- Work request -
What is needed is an exact copy of every entry below, minus the images.

- Supplied entries -
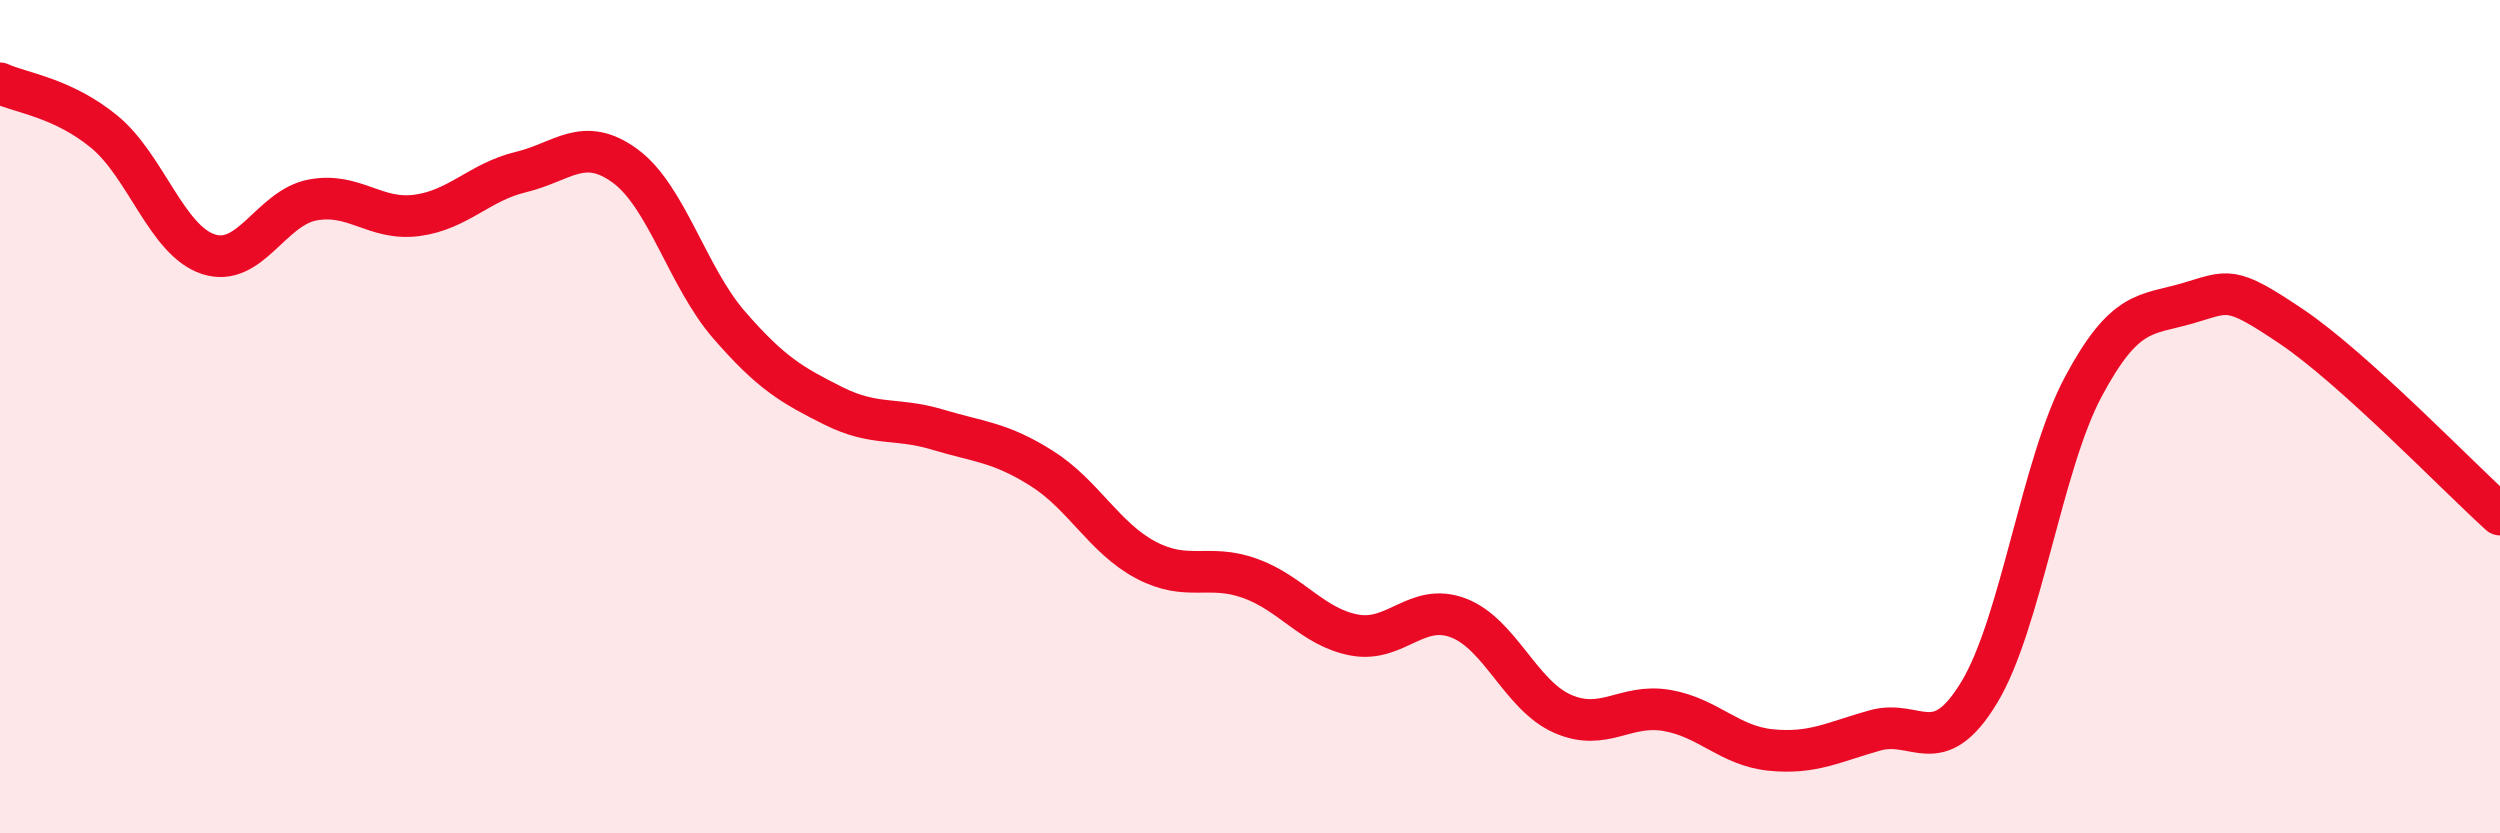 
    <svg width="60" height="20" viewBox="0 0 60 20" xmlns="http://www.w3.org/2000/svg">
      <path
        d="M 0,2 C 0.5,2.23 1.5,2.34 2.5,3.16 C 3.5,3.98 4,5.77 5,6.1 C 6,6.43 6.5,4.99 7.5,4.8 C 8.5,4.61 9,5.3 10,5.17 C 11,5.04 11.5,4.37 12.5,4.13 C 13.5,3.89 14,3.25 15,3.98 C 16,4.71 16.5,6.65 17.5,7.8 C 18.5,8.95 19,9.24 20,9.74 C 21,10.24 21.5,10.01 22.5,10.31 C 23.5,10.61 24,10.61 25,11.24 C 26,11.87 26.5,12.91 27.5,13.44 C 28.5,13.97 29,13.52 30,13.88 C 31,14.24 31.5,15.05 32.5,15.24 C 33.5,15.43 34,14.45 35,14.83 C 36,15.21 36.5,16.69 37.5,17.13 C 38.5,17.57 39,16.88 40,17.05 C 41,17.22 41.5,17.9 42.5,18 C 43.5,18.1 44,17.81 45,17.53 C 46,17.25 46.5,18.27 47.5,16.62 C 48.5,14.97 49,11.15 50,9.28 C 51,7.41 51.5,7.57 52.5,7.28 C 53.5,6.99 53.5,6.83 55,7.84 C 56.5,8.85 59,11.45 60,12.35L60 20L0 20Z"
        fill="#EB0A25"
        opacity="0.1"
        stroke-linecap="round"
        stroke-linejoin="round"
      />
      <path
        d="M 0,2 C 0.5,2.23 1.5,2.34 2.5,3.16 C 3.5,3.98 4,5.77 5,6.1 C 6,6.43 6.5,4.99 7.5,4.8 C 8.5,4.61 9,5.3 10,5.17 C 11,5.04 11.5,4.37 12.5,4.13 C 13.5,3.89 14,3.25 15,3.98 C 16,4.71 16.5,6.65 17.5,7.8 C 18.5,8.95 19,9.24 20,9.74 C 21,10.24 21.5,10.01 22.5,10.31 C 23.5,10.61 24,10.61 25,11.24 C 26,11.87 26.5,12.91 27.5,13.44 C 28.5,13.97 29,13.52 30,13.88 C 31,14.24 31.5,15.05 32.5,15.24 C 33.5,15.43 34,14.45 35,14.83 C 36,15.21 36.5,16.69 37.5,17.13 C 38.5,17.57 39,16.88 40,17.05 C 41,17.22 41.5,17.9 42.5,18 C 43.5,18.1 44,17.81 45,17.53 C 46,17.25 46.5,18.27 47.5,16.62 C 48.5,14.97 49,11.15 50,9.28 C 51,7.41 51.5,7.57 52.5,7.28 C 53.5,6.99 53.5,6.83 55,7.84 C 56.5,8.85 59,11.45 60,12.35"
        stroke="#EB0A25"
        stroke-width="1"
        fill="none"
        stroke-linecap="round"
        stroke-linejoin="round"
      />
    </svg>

- Response to the exercise -
    <svg width="60" height="20" viewBox="0 0 60 20" xmlns="http://www.w3.org/2000/svg">
      <path
        d="M 0,2 C 0.5,2.23 1.5,2.34 2.5,3.16 C 3.5,3.98 4,5.77 5,6.1 C 6,6.43 6.5,4.99 7.5,4.8 C 8.5,4.61 9,5.3 10,5.17 C 11,5.04 11.5,4.37 12.5,4.13 C 13.5,3.89 14,3.25 15,3.98 C 16,4.71 16.5,6.65 17.5,7.8 C 18.5,8.95 19,9.24 20,9.74 C 21,10.24 21.5,10.01 22.5,10.31 C 23.5,10.61 24,10.61 25,11.24 C 26,11.87 26.5,12.91 27.5,13.44 C 28.5,13.97 29,13.52 30,13.88 C 31,14.24 31.5,15.05 32.5,15.24 C 33.5,15.43 34,14.45 35,14.83 C 36,15.21 36.5,16.69 37.5,17.13 C 38.5,17.57 39,16.88 40,17.05 C 41,17.22 41.5,17.9 42.5,18 C 43.5,18.1 44,17.81 45,17.53 C 46,17.25 46.5,18.27 47.5,16.62 C 48.5,14.97 49,11.15 50,9.28 C 51,7.41 51.5,7.57 52.5,7.28 C 53.5,6.99 53.5,6.83 55,7.84 C 56.5,8.85 59,11.45 60,12.35L60 20L0 20Z"
        fill="#EB0A25"
        opacity="0.1"
        stroke-linecap="round"
        stroke-linejoin="round"
      />
      <path
        d="M 0,2 C 0.5,2.23 1.5,2.34 2.5,3.16 C 3.5,3.98 4,5.77 5,6.1 C 6,6.43 6.5,4.99 7.5,4.8 C 8.5,4.61 9,5.3 10,5.17 C 11,5.04 11.5,4.37 12.5,4.13 C 13.5,3.89 14,3.25 15,3.98 C 16,4.71 16.5,6.65 17.5,7.8 C 18.5,8.95 19,9.24 20,9.74 C 21,10.24 21.5,10.01 22.5,10.31 C 23.5,10.61 24,10.61 25,11.24 C 26,11.87 26.5,12.91 27.5,13.44 C 28.5,13.97 29,13.52 30,13.88 C 31,14.24 31.5,15.05 32.5,15.24 C 33.5,15.43 34,14.45 35,14.83 C 36,15.21 36.5,16.69 37.5,17.13 C 38.5,17.57 39,16.88 40,17.05 C 41,17.22 41.5,17.9 42.5,18 C 43.5,18.1 44,17.81 45,17.53 C 46,17.25 46.5,18.27 47.5,16.62 C 48.5,14.97 49,11.15 50,9.28 C 51,7.41 51.5,7.57 52.5,7.28 C 53.5,6.99 53.5,6.83 55,7.84 C 56.5,8.85 59,11.45 60,12.35"
        stroke="#EB0A25"
        stroke-width="1"
        fill="none"
        stroke-linecap="round"
        stroke-linejoin="round"
      />
    </svg>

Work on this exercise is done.